_REQUIRED WORK_
All pictures are to be dropped, and the remaining data set down exactly.

_GIVEN RECORDS_
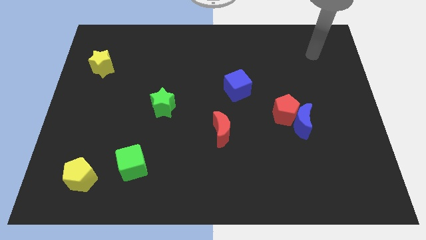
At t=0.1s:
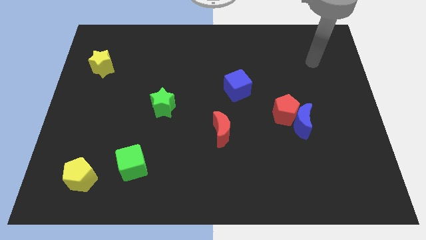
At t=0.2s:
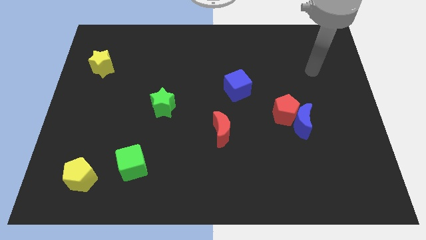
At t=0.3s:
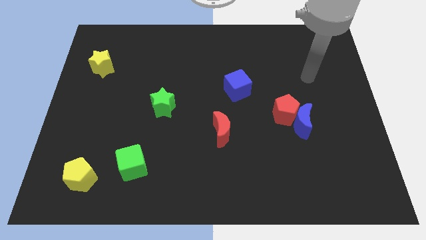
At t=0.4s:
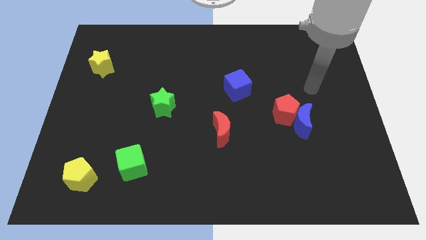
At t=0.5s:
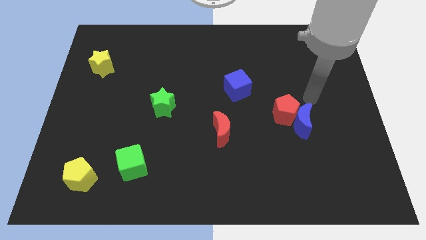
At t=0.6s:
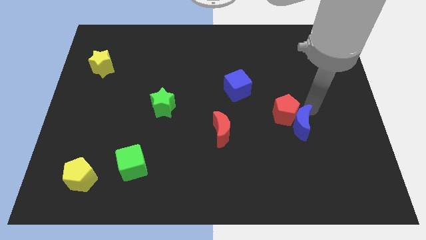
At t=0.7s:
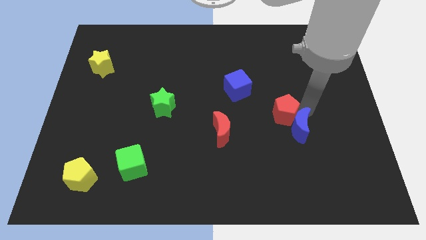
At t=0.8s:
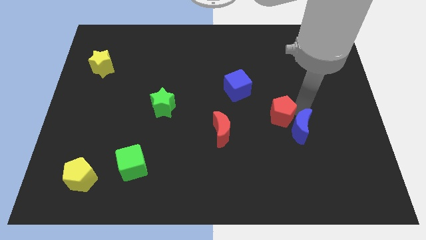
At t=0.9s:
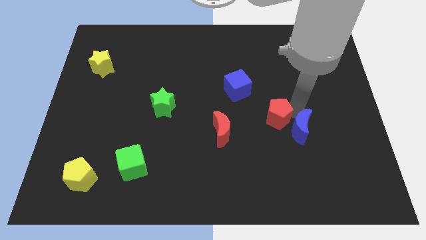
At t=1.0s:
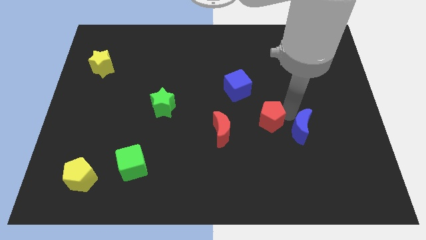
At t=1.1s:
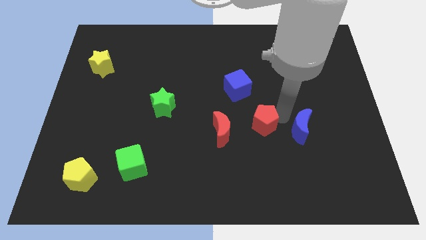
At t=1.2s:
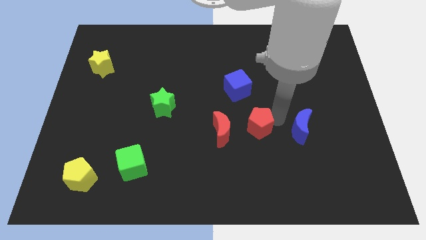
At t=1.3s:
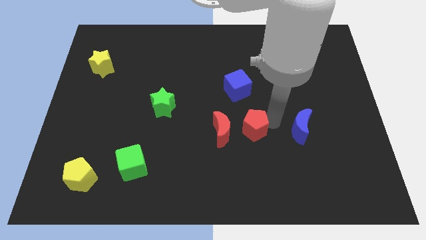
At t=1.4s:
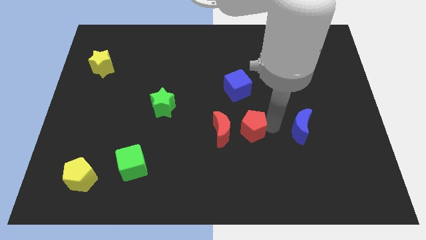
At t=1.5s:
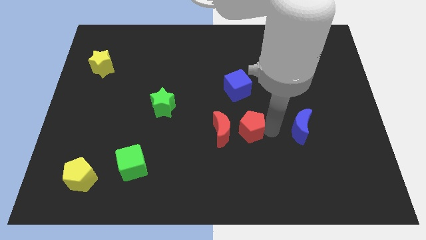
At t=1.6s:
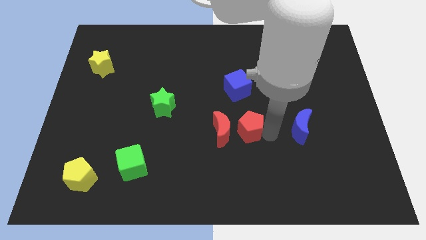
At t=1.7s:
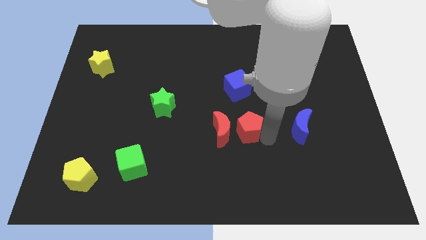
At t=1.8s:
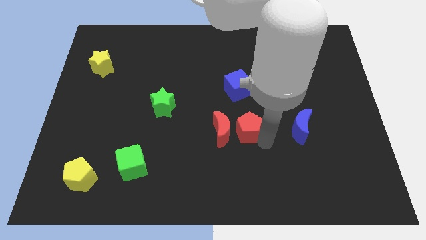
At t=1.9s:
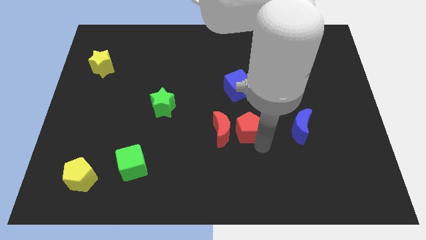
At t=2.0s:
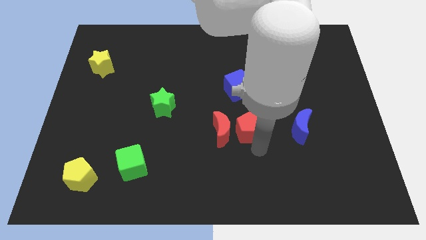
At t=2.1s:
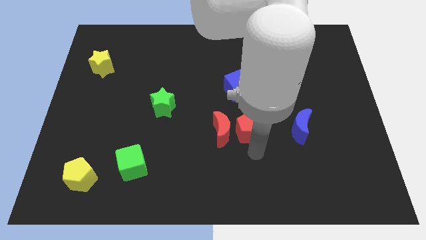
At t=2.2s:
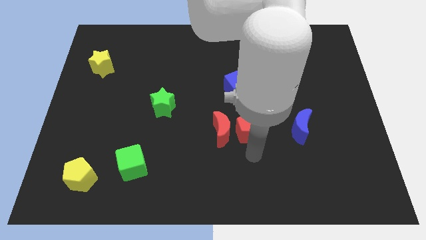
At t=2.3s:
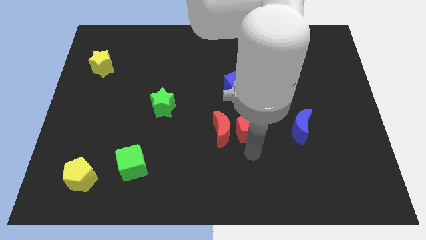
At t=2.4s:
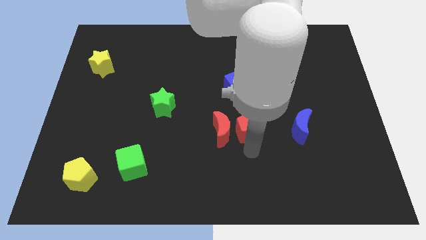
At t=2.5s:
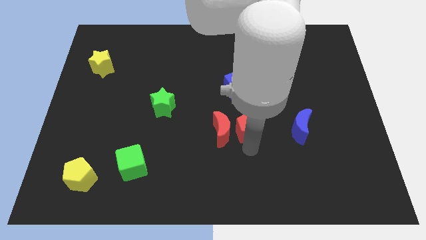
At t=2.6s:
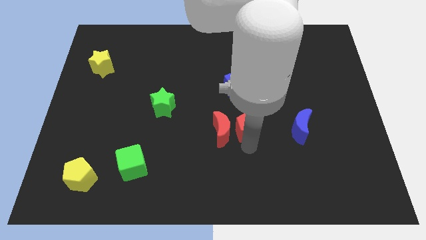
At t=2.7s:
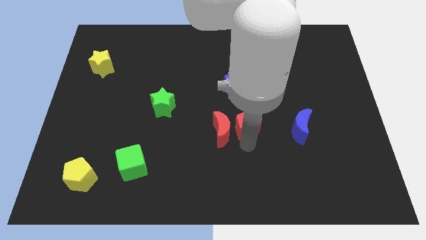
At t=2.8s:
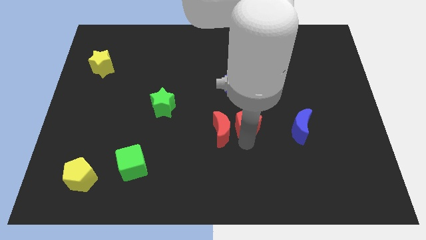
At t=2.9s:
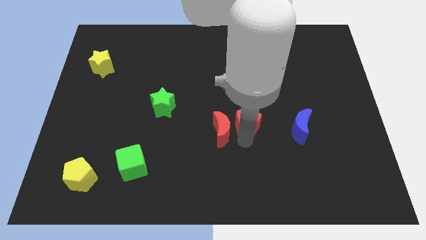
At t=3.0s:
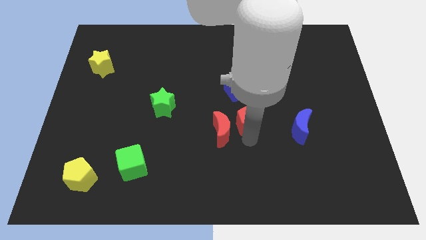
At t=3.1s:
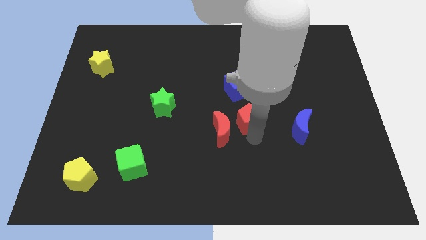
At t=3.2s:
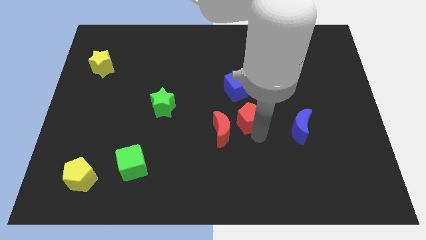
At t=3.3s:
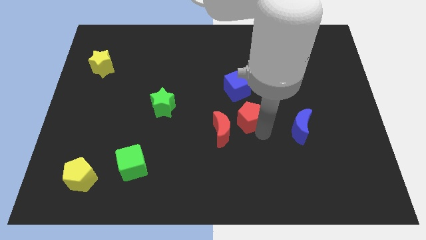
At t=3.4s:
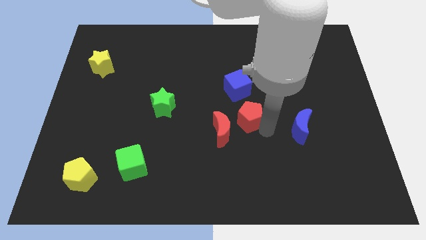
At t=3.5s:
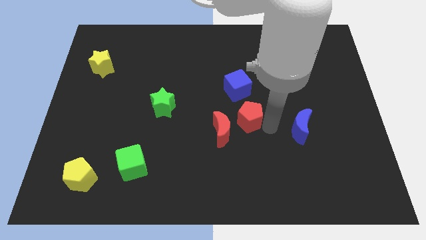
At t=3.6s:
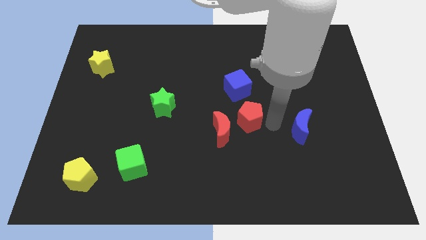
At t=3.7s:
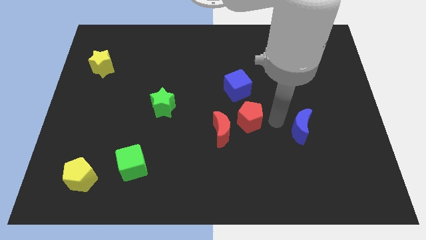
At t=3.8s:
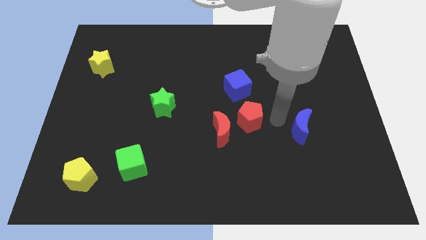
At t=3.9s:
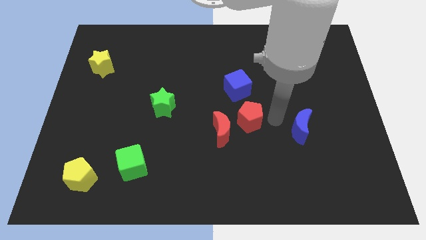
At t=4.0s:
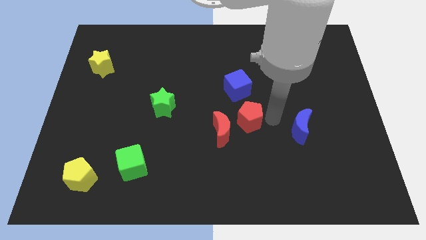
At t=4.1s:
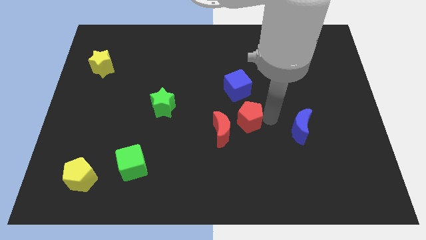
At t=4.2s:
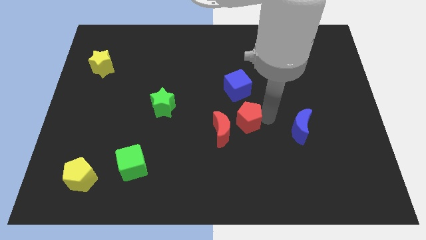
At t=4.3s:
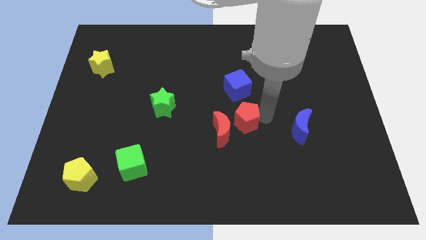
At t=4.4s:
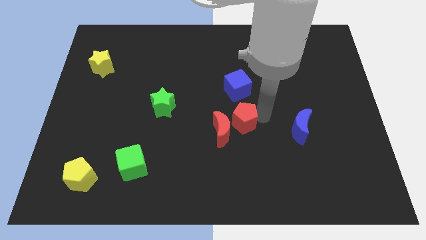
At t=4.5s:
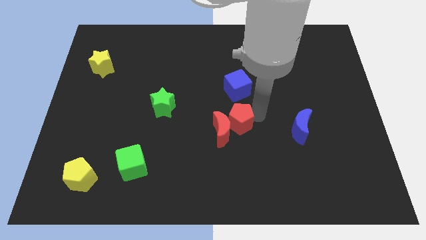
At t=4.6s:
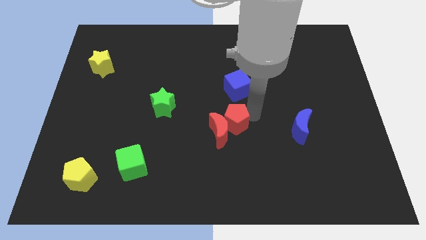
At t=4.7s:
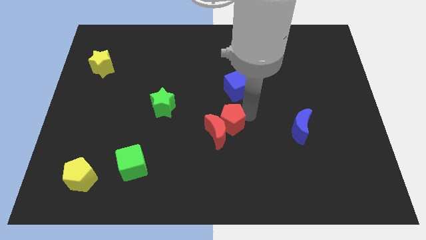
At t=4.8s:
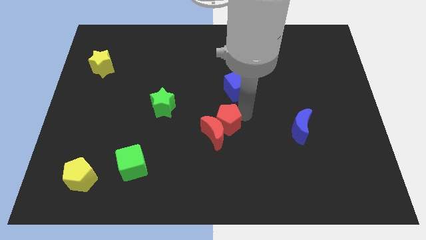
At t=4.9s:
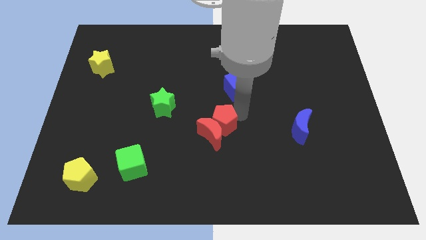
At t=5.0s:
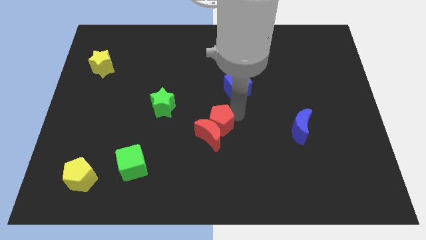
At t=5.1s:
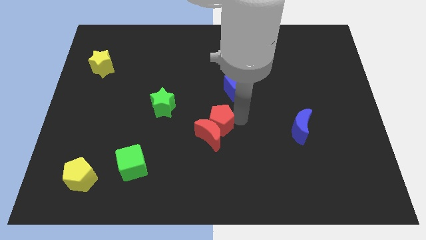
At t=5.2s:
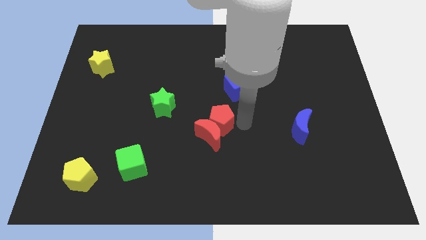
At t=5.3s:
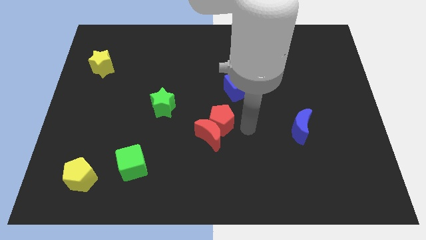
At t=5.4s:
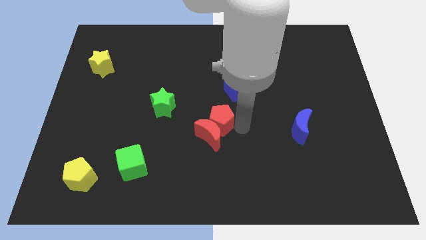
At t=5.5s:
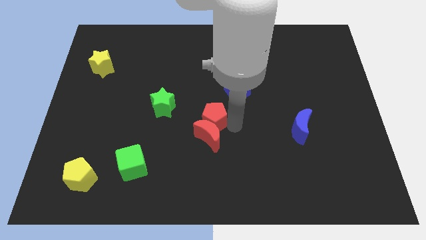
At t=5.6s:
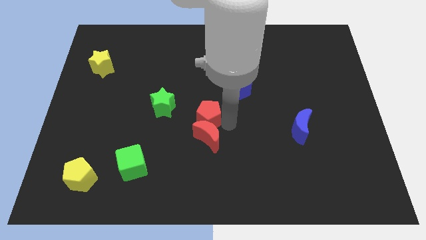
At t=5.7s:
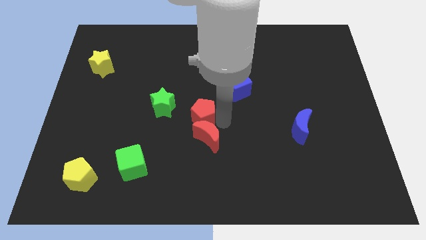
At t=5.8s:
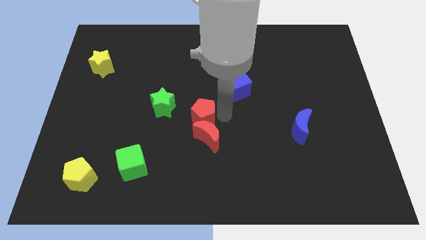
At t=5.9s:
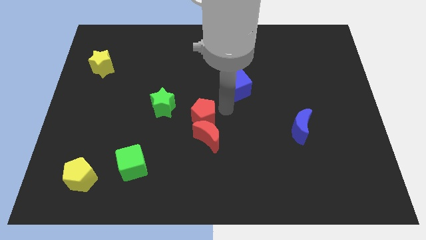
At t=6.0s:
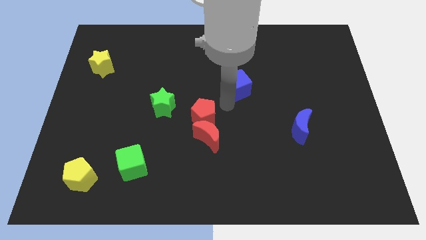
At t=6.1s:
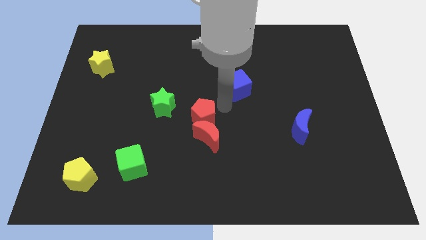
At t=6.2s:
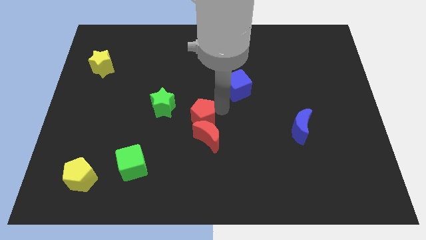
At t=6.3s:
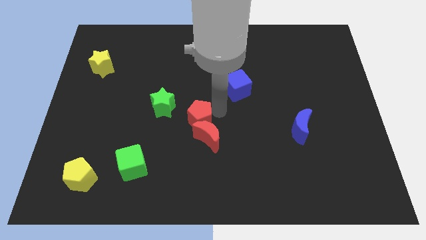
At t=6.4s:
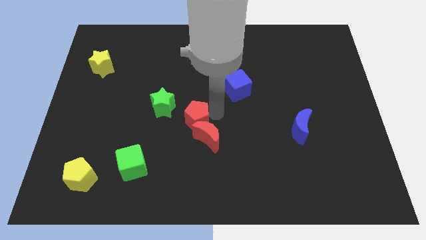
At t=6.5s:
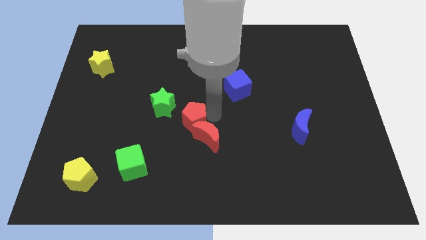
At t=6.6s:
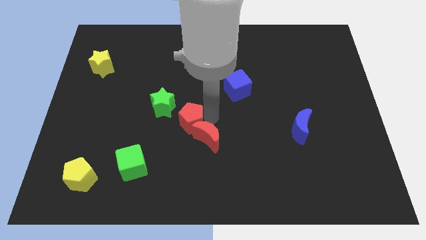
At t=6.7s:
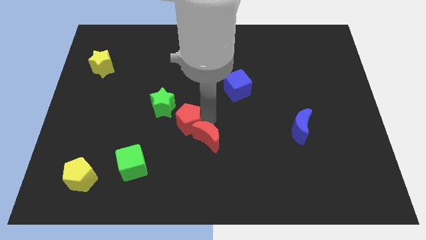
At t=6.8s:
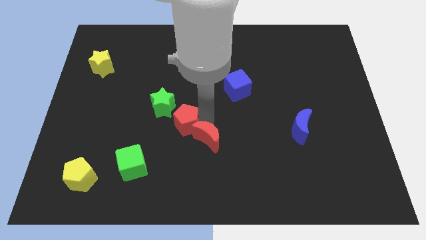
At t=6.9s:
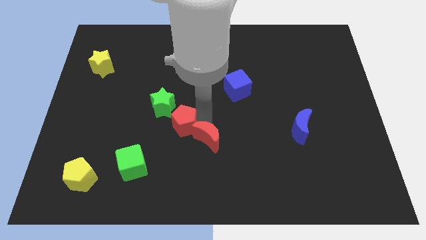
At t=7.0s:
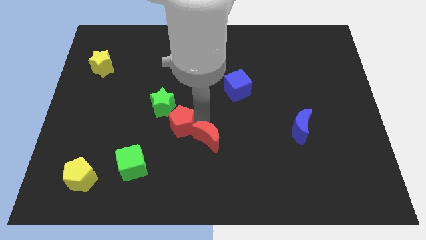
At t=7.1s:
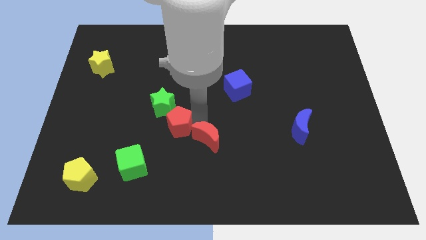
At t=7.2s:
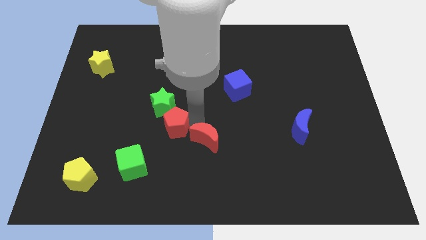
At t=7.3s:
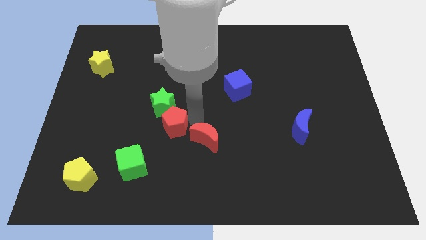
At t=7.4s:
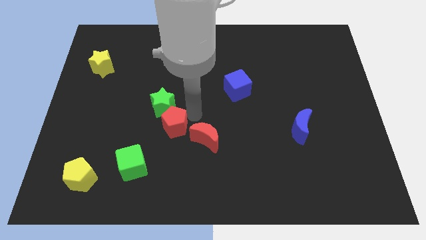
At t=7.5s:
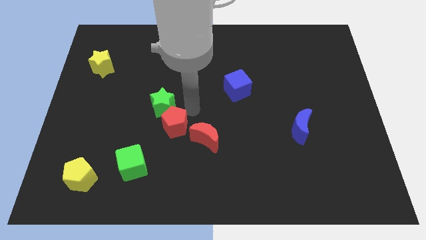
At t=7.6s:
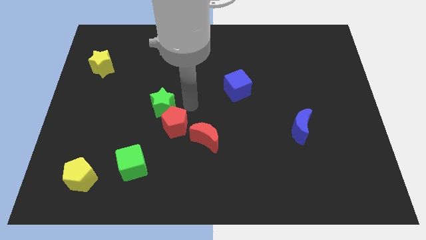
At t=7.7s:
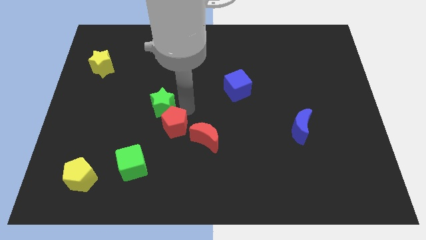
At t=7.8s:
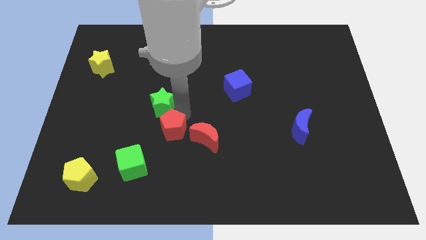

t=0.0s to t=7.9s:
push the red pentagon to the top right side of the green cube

_RESPONSE FOR THIS EXERCISE_
At t=0.1s:
At t=0.2s:
At t=0.3s:
At t=0.4s:
At t=0.5s:
At t=0.6s:
At t=0.7s:
At t=0.8s:
At t=0.9s:
At t=1.0s:
At t=1.1s:
At t=1.2s:
At t=1.3s:
At t=1.4s:
At t=1.5s:
At t=1.6s:
At t=1.7s:
At t=1.8s:
At t=1.9s:
At t=2.0s:
At t=2.1s:
At t=2.2s:
At t=2.3s:
At t=2.4s:
At t=2.5s:
At t=2.6s:
At t=2.7s:
At t=2.8s:
At t=2.9s:
At t=3.0s:
At t=3.1s:
At t=3.2s:
At t=3.3s:
At t=3.4s:
At t=3.5s:
At t=3.6s:
At t=3.7s:
At t=3.8s:
At t=3.9s:
At t=4.0s:
At t=4.1s:
At t=4.2s:
At t=4.3s:
At t=4.4s:
At t=4.5s:
At t=4.6s:
At t=4.7s:
At t=4.8s:
At t=4.9s:
At t=5.0s:
At t=5.1s:
At t=5.2s:
At t=5.3s:
At t=5.4s:
At t=5.5s:
At t=5.6s:
At t=5.7s:
At t=5.8s:
At t=5.9s:
At t=6.0s:
At t=6.1s:
At t=6.2s:
At t=6.3s:
At t=6.4s:
At t=6.5s:
At t=6.6s:
At t=6.7s:
At t=6.8s:
At t=6.9s:
At t=7.0s:
At t=7.1s:
At t=7.2s:
At t=7.3s:
At t=7.4s:
At t=7.5s:
At t=7.6s:
At t=7.7s:
At t=7.8s:

t=0.0s to t=7.9s:
push the red pentagon to the top right side of the green cube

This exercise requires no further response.